Copy out the listing that follows exactly, dropping every picture.
START The data
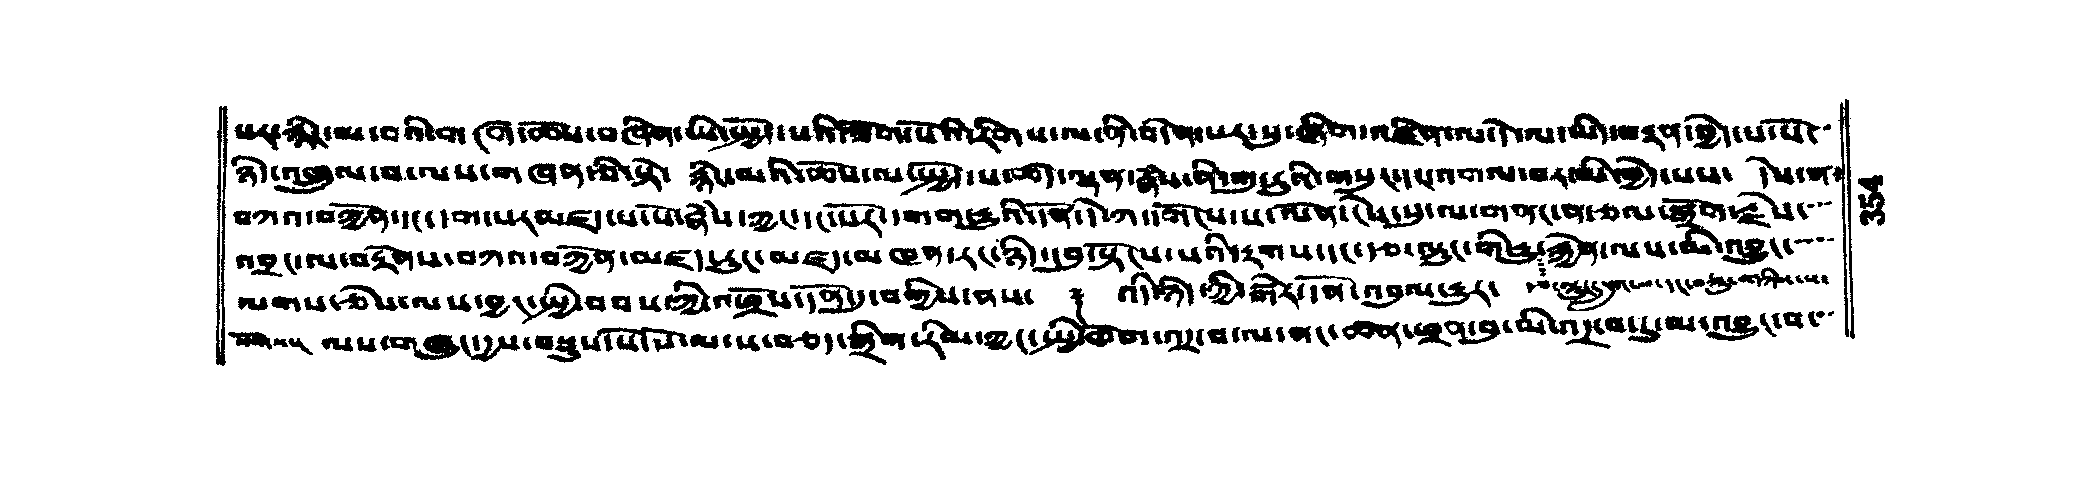པར་རྙིང་མ་བའི་གདམས་ངག་ཆོས་བཞིན་མི་སྤྱོད་པའི་ཟོག་པོའི་རིགས་ལ་ནི་བདེན་པར་སུ་ཞིག་འཛིན་ལ་དེ་ལ་མི་བརྟན་བྱེད་པ་པོ་
ཉིད་འཁྲུལ་བ་ལས་གཞན་ཅི་སྟེ། རྙིང་མའི་ཆོས་ལ་སྤྱོད་པ་ཚད་ལྡན་རྣམས་ནི་གུ་རུའི་གསུང་དང་འགལ་བར་མི་བྱེད་པས། དེས་ན་
བཀའ་དཀྱོན་དང་དག་པར་མཛད་པ་པོ་རྣམས་ཀྱང་དང་པོར་དགག་རྒྱུའི་དོན་དེ་ཀ་དགོངས་པ་ལོན་ངེས་སུ་མ་གནང་ན་སྩལ་སྒྲོག་རྗེས་
འབྲང་ལ་བརྟེན་ནས་བཀའ་དཀྱོན་མཛད་རུང་མཛད་མཁན་རང་ཉིད་དབུ་སྟོངས་པའི་རྟགས་དང་རྩ་ལྟུང་གི་རྒྱུ་རྩ་ལྟུང་དྲུག་པ་དང་བཅུ་གཉིས་པ་སོགས། རྐྱེན་ལས་མི་འབྱུང་
ལགས་ཅེས་ལས་བྱང་སྤྱི་བབས་ཀྱི་འཕྲོས་དོན་དུ་བགྱིས་ནས། ༈ འདི་ཉིད་ཀྱི་སྒེར་དོན་འབུལ་རྒྱུར་
ལས་གཞུང་རྒྱས་བསྡུས་སོ་སོ་ལ་ས་བཅད་སྒྲིག་རིམ་ཀྱང་སྤྱི་ཁོག་འདྲ་བ་ལ་ནང་ཚན་ཕྲན་བུ་མི་འདྲ་བ་དུ་མ་འབྱུང་བ་
END The data
» Written response:
པར་རྙིང་མ་བའི་གདམས་ངག་ཆོས་བཞིན་མི་སྤྱོད་པའི་ཟོག་པོའི་རིགས་ལ་ནི་བདེན་པར་སུ་ཞིག་འཛིན་ལ་དེ་ལ་མི་བརྟན་བྱེད་པ་པོ་
ཉིད་འཁྲུལ་བ་ལས་གཞན་ཅི་སྟེ། རྙིང་མའི་ཆོས་ལ་སྤྱོད་པ་ཚད་ལྡན་རྣམས་ནི་གུ་རུའི་གསུང་དང་འགལ་བར་མི་བྱེད་པས། དེས་ན་
བཀའ་དཀྱོན་དང་དག་པར་མཛད་པ་པོ་རྣམས་ཀྱང་དང་པོར་དགག་རྒྱུའི་དོན་དེ་ཀ་དགོངས་པ་ལོན་ངེས་སུ་མ་གནང་ན་སྩལ་སྒྲོག་རྗེས་
འབྲང་ལ་བརྟེན་ནས་བཀའ་དཀྱོན་མཛད་རུང་མཛད་མཁན་རང་ཉིད་དབུ་སྟོངས་པའི་རྟགས་དང་རྩ་ལྟུང་གི་རྒྱུ་རྩ་ལྟུང་དྲུག་པ་དང་བཅུ་གཉིས་པ་སོགས། རྐྱེན་ལས་མི་འབྱུང་
ལགས་ཅེས་ལས་བྱང་སྤྱི་བབས་ཀྱི་འཕྲོས་དོན་དུ་བགྱིས་ནས། ༈ འདི་ཉིད་ཀྱི་སྒེར་དོན་འབུལ་རྒྱུར་
ལས་གཞུང་རྒྱས་བསྡུས་སོ་སོ་ལ་ས་བཅད་སྒྲིག་རིམ་ཀྱང་སྤྱི་ཁོག་འདྲ་བ་ལ་ནང་ཚན་ཕྲན་བུ་མི་འདྲ་བ་དུ་མ་འབྱུང་བ་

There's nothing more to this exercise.